## Your assignment:
With the pictures left out, copy the records below exactly from the first line down to the line holding "#4012 = ORIENTED_EDGE", and include that line.

Segment Start: Data for the task

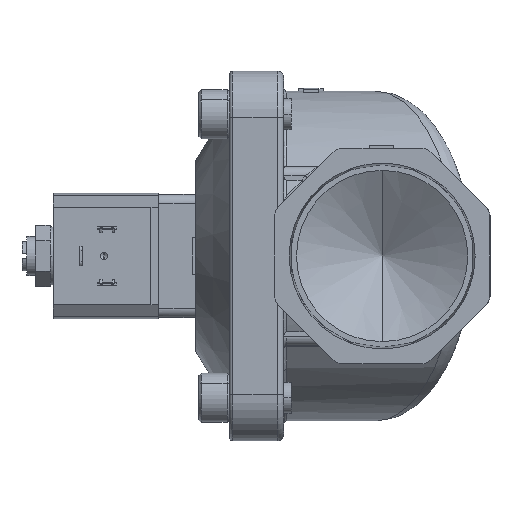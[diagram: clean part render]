
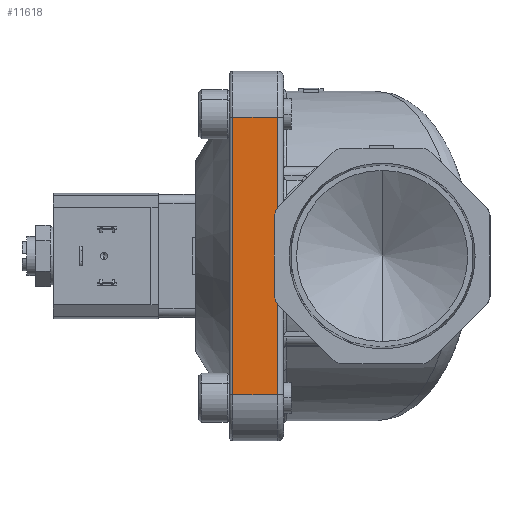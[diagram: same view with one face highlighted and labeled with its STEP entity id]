
A CAD part, left-side view. The second image highlights one B-rep face of the part: STEP entity #11618.
In plain terms, the highlighted planar face has unit normal (-1, 0, 0).
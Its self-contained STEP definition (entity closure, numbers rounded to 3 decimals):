
#52 = LINE ( 'NONE', #11952, #9091 ) ;
#99 = DIRECTION ( 'NONE',  ( -1., 0., 0. ) ) ;
#515 = VECTOR ( 'NONE', #15749, 1000. ) ;
#546 = VECTOR ( 'NONE', #4343, 1000. ) ;
#848 = CARTESIAN_POINT ( 'NONE',  ( -60., 8., 0. ) ) ;
#1170 = VECTOR ( 'NONE', #1331, 1000. ) ;
#1241 = VECTOR ( 'NONE', #14362, 1000. ) ;
#1292 = LINE ( 'NONE', #12050, #8937 ) ;
#1331 = DIRECTION ( 'NONE',  ( 0., 0., -1. ) ) ;
#1705 = CARTESIAN_POINT ( 'NONE',  ( -60., -8.5, -45. ) ) ;
#2001 = AXIS2_PLACEMENT_3D ( 'NONE', #9433, #99, #7122 ) ;
#2654 = CARTESIAN_POINT ( 'NONE',  ( -60., -6.5, 60. ) ) ;
#2687 = EDGE_CURVE ( 'NONE', #8251, #11069, #14444, .T. ) ;
#3014 = EDGE_CURVE ( 'NONE', #6728, #16336, #52, .T. ) ;
#3446 = VERTEX_POINT ( 'NONE', #6003 ) ;
#3600 = CARTESIAN_POINT ( 'NONE',  ( -60., -5.5, -14.497 ) ) ;
#4012 = ORIENTED_EDGE ( 'NONE', *, *, #4550, .F. ) ;
#4343 = DIRECTION ( 'NONE',  ( 0., -1., 0. ) ) ;
#4550 = EDGE_CURVE ( 'NONE', #16336, #3446, #14740, .T. ) ;
#4961 = VERTEX_POINT ( 'NONE', #16686 ) ;
#5067 = LINE ( 'NONE', #848, #515 ) ;
#5117 = ORIENTED_EDGE ( 'NONE', *, *, #2687, .T. ) ;
#6003 = CARTESIAN_POINT ( 'NONE',  ( -60., -6.5, 15.426 ) ) ;
#6369 = CARTESIAN_POINT ( 'NONE',  ( -60., -10.5, 12.426 ) ) ;
#6720 = CARTESIAN_POINT ( 'NONE',  ( -60., -5.5, -12.426 ) ) ;
#6728 = VERTEX_POINT ( 'NONE', #8946 ) ;
#6788 = PLANE ( 'NONE',  #2001 ) ;
#6882 = EDGE_CURVE ( 'NONE', #8251, #9478, #8260, .T. ) ;
#7064 = LINE ( 'NONE', #1705, #546 ) ;
#7092 = ORIENTED_EDGE ( 'NONE', *, *, #3014, .F. ) ;
#7122 = DIRECTION ( 'NONE',  ( 0., 0., 1. ) ) ;
#7291 = ORIENTED_EDGE ( 'NONE', *, *, #10155, .T. ) ;
#7626 = DIRECTION ( 'NONE',  ( -1., 0., 0. ) ) ;
#7796 = DIRECTION ( 'NONE',  ( 0., 0., 1. ) ) ;
#8251 = VERTEX_POINT ( 'NONE', #6720 ) ;
#8260 = CIRCLE ( 'NONE', #11937, 5. ) ;
#8326 = VERTEX_POINT ( 'NONE', #13826 ) ;
#8526 = CARTESIAN_POINT ( 'NONE',  ( -60., -5.5, 12.426 ) ) ;
#8937 = VECTOR ( 'NONE', #7796, 1000. ) ;
#8946 = CARTESIAN_POINT ( 'NONE',  ( -60., 8., 45. ) ) ;
#9004 = EDGE_CURVE ( 'NONE', #3446, #11069, #13498, .T. ) ;
#9091 = VECTOR ( 'NONE', #13193, 1000. ) ;
#9386 = CARTESIAN_POINT ( 'NONE',  ( -60., -10.5, -12.426 ) ) ;
#9396 = EDGE_CURVE ( 'NONE', #4961, #6728, #5067, .T. ) ;
#9433 = CARTESIAN_POINT ( 'NONE',  ( -60., -8.5, 60. ) ) ;
#9478 = VERTEX_POINT ( 'NONE', #10358 ) ;
#10150 = ORIENTED_EDGE ( 'NONE', *, *, #9004, .F. ) ;
#10155 = EDGE_CURVE ( 'NONE', #4961, #8326, #7064, .T. ) ;
#10358 = CARTESIAN_POINT ( 'NONE',  ( -60., -6.5, -15.426 ) ) ;
#10422 = ORIENTED_EDGE ( 'NONE', *, *, #13680, .T. ) ;
#11069 = VERTEX_POINT ( 'NONE', #8526 ) ;
#11618 = ADVANCED_FACE ( 'NONE', ( #14916 ), #6788, .T. ) ;
#11697 = DIRECTION ( 'NONE',  ( 0., 0., 1. ) ) ;
#11857 = DIRECTION ( 'NONE',  ( 0., 0., 1. ) ) ;
#11937 = AXIS2_PLACEMENT_3D ( 'NONE', #9386, #7626, #11697 ) ;
#11952 = CARTESIAN_POINT ( 'NONE',  ( -60., -8.5, 45. ) ) ;
#12050 = CARTESIAN_POINT ( 'NONE',  ( -60., -6.5, 60. ) ) ;
#12889 = EDGE_LOOP ( 'NONE', ( #7092, #15336, #7291, #10422, #16194, #5117, #10150, #4012 ) ) ;
#13193 = DIRECTION ( 'NONE',  ( 0., -1., 0. ) ) ;
#13498 = CIRCLE ( 'NONE', #17419, 5. ) ;
#13680 = EDGE_CURVE ( 'NONE', #8326, #9478, #1292, .T. ) ;
#13826 = CARTESIAN_POINT ( 'NONE',  ( -60., -6.5, -45. ) ) ;
#14362 = DIRECTION ( 'NONE',  ( 0., 0., 1. ) ) ;
#14416 = CARTESIAN_POINT ( 'NONE',  ( -60., -6.5, 45. ) ) ;
#14444 = LINE ( 'NONE', #3600, #1241 ) ;
#14740 = LINE ( 'NONE', #2654, #1170 ) ;
#14916 = FACE_OUTER_BOUND ( 'NONE', #12889, .T. ) ;
#15336 = ORIENTED_EDGE ( 'NONE', *, *, #9396, .F. ) ;
#15649 = DIRECTION ( 'NONE',  ( -1., 0., 0. ) ) ;
#15749 = DIRECTION ( 'NONE',  ( 0., 0., 1. ) ) ;
#16194 = ORIENTED_EDGE ( 'NONE', *, *, #6882, .F. ) ;
#16336 = VERTEX_POINT ( 'NONE', #14416 ) ;
#16686 = CARTESIAN_POINT ( 'NONE',  ( -60., 8., -45. ) ) ;
#17419 = AXIS2_PLACEMENT_3D ( 'NONE', #6369, #15649, #11857 ) ;

Segment End: Data for the task

## Answer:
[diagram: clean part render]
[diagram: same view with one face highlighted and labeled with its STEP entity id]
A CAD part, left-side view. The second image highlights one B-rep face of the part: STEP entity #11618.
In plain terms, the highlighted planar face has unit normal (-1, 0, 0).
Its self-contained STEP definition (entity closure, numbers rounded to 3 decimals):
#52 = LINE ( 'NONE', #11952, #9091 ) ;
#99 = DIRECTION ( 'NONE',  ( -1., 0., 0. ) ) ;
#515 = VECTOR ( 'NONE', #15749, 1000. ) ;
#546 = VECTOR ( 'NONE', #4343, 1000. ) ;
#848 = CARTESIAN_POINT ( 'NONE',  ( -60., 8., 0. ) ) ;
#1170 = VECTOR ( 'NONE', #1331, 1000. ) ;
#1241 = VECTOR ( 'NONE', #14362, 1000. ) ;
#1292 = LINE ( 'NONE', #12050, #8937 ) ;
#1331 = DIRECTION ( 'NONE',  ( 0., 0., -1. ) ) ;
#1705 = CARTESIAN_POINT ( 'NONE',  ( -60., -8.5, -45. ) ) ;
#2001 = AXIS2_PLACEMENT_3D ( 'NONE', #9433, #99, #7122 ) ;
#2654 = CARTESIAN_POINT ( 'NONE',  ( -60., -6.5, 60. ) ) ;
#2687 = EDGE_CURVE ( 'NONE', #8251, #11069, #14444, .T. ) ;
#3014 = EDGE_CURVE ( 'NONE', #6728, #16336, #52, .T. ) ;
#3446 = VERTEX_POINT ( 'NONE', #6003 ) ;
#3600 = CARTESIAN_POINT ( 'NONE',  ( -60., -5.5, -14.497 ) ) ;
#4012 = ORIENTED_EDGE ( 'NONE', *, *, #4550, .F. ) ;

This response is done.